_Source data:_
╔══

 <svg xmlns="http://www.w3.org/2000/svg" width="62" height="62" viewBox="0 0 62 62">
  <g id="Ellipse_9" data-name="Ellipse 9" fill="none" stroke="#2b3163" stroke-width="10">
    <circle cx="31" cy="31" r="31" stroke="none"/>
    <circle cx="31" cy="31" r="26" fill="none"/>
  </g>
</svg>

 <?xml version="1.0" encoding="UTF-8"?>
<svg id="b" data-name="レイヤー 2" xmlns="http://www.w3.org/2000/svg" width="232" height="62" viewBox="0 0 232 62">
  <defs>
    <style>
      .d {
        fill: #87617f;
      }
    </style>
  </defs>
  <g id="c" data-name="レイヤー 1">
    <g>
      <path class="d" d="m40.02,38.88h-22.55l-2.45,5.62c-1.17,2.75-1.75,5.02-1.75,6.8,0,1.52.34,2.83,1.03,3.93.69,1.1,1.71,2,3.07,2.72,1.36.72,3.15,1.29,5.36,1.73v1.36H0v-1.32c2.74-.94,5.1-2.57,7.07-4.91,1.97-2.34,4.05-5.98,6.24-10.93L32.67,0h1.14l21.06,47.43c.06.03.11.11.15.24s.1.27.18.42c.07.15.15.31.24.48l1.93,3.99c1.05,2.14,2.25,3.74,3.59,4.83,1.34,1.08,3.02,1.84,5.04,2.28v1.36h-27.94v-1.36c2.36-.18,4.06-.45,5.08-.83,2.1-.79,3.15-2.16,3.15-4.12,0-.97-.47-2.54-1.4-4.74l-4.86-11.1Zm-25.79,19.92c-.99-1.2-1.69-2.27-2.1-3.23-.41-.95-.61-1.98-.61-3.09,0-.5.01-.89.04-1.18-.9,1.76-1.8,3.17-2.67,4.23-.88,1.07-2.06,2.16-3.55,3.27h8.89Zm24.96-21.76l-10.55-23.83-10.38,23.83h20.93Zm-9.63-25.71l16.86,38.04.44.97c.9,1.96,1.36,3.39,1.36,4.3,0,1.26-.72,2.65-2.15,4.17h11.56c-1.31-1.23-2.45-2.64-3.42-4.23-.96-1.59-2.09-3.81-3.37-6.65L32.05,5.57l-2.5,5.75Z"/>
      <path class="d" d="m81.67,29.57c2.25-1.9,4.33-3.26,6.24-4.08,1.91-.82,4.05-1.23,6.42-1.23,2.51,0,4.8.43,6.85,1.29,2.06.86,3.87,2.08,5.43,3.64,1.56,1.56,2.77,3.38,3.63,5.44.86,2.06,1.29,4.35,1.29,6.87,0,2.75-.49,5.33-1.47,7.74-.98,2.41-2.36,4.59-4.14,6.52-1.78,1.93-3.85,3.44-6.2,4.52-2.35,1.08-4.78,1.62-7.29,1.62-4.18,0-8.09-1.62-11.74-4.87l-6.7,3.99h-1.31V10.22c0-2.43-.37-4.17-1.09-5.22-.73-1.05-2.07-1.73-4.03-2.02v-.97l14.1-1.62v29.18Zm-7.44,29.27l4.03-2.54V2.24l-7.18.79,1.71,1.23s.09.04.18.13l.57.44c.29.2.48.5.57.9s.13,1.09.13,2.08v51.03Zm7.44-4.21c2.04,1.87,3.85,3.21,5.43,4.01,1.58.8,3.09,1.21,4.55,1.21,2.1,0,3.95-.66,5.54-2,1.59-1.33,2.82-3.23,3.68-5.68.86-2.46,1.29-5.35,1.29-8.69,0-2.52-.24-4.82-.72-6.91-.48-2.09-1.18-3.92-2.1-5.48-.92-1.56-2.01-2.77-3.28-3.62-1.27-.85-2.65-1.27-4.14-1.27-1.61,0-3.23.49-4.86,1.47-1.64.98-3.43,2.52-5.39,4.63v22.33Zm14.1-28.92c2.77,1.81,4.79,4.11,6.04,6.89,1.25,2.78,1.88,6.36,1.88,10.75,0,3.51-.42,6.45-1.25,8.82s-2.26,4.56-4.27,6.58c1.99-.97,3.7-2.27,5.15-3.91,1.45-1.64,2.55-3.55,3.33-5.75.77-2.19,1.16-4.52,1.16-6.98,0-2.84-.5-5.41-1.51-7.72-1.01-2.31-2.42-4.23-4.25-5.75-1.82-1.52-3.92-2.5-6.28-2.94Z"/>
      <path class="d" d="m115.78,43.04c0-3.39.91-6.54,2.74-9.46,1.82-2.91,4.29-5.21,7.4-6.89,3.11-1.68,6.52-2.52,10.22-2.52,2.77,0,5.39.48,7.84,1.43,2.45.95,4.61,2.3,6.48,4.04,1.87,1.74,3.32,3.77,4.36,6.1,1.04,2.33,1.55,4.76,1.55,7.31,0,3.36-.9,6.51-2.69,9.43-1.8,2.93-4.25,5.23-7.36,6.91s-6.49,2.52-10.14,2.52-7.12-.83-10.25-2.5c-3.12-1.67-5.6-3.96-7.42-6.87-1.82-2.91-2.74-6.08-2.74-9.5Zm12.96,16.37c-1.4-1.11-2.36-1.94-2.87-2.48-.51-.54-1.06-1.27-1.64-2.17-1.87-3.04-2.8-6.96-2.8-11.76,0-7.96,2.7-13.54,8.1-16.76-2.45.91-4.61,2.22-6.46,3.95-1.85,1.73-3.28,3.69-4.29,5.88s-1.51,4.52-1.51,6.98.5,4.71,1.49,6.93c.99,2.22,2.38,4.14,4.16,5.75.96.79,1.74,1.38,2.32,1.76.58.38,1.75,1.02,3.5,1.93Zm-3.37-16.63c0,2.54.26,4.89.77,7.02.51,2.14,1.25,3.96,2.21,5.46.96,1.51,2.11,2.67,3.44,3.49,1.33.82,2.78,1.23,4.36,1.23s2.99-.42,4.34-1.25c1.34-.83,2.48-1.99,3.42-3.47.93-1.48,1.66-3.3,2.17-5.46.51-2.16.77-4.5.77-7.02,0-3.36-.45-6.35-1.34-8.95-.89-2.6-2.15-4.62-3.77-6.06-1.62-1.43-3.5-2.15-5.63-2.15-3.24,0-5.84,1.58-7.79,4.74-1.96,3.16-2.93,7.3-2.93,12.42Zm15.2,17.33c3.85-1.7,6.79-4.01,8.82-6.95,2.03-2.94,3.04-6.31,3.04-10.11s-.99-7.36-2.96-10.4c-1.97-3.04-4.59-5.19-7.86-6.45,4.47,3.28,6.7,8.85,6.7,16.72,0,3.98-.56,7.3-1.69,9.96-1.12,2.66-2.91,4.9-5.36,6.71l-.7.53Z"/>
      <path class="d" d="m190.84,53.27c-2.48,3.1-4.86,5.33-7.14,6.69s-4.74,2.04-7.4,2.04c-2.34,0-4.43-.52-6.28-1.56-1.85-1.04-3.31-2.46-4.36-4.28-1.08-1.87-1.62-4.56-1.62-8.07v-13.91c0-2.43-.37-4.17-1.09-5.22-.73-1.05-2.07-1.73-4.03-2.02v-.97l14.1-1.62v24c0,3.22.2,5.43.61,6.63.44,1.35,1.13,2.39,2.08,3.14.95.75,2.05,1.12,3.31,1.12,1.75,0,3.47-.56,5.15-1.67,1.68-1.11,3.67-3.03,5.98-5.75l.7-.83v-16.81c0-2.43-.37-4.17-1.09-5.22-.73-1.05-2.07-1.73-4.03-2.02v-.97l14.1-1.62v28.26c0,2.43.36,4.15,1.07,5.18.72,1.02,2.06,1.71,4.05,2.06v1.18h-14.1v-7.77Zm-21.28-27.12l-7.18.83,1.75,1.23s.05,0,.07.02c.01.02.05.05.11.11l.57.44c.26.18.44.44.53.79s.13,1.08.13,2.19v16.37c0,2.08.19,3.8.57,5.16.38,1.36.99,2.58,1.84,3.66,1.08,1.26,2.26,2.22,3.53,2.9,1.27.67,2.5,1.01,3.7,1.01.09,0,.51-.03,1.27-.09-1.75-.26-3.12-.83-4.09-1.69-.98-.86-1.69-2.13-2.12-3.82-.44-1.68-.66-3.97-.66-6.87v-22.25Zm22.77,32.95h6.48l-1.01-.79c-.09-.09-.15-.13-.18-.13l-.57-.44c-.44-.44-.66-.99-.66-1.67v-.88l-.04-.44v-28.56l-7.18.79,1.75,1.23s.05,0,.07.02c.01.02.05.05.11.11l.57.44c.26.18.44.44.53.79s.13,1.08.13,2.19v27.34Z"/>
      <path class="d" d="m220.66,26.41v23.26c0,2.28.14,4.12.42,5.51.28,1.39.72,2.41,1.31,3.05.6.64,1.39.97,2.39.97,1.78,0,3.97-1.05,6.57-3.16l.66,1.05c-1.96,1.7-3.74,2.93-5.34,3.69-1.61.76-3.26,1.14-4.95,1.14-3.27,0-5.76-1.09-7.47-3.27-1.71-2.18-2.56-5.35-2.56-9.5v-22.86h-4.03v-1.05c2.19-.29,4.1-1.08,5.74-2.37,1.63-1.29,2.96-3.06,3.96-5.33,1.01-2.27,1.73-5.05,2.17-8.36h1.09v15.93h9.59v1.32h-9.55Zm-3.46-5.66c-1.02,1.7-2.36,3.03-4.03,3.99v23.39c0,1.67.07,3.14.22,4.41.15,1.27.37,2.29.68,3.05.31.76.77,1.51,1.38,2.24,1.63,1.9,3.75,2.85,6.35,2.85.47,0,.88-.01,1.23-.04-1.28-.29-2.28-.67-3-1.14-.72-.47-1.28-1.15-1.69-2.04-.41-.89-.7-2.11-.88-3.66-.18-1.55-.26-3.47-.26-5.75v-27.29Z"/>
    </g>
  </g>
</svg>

╚══

_GOAL OF THE EXERCISE:_ Looking at the records above, tally the lines holding "width" and reply with that number only.

_EXERCISE ANSWER:_ 3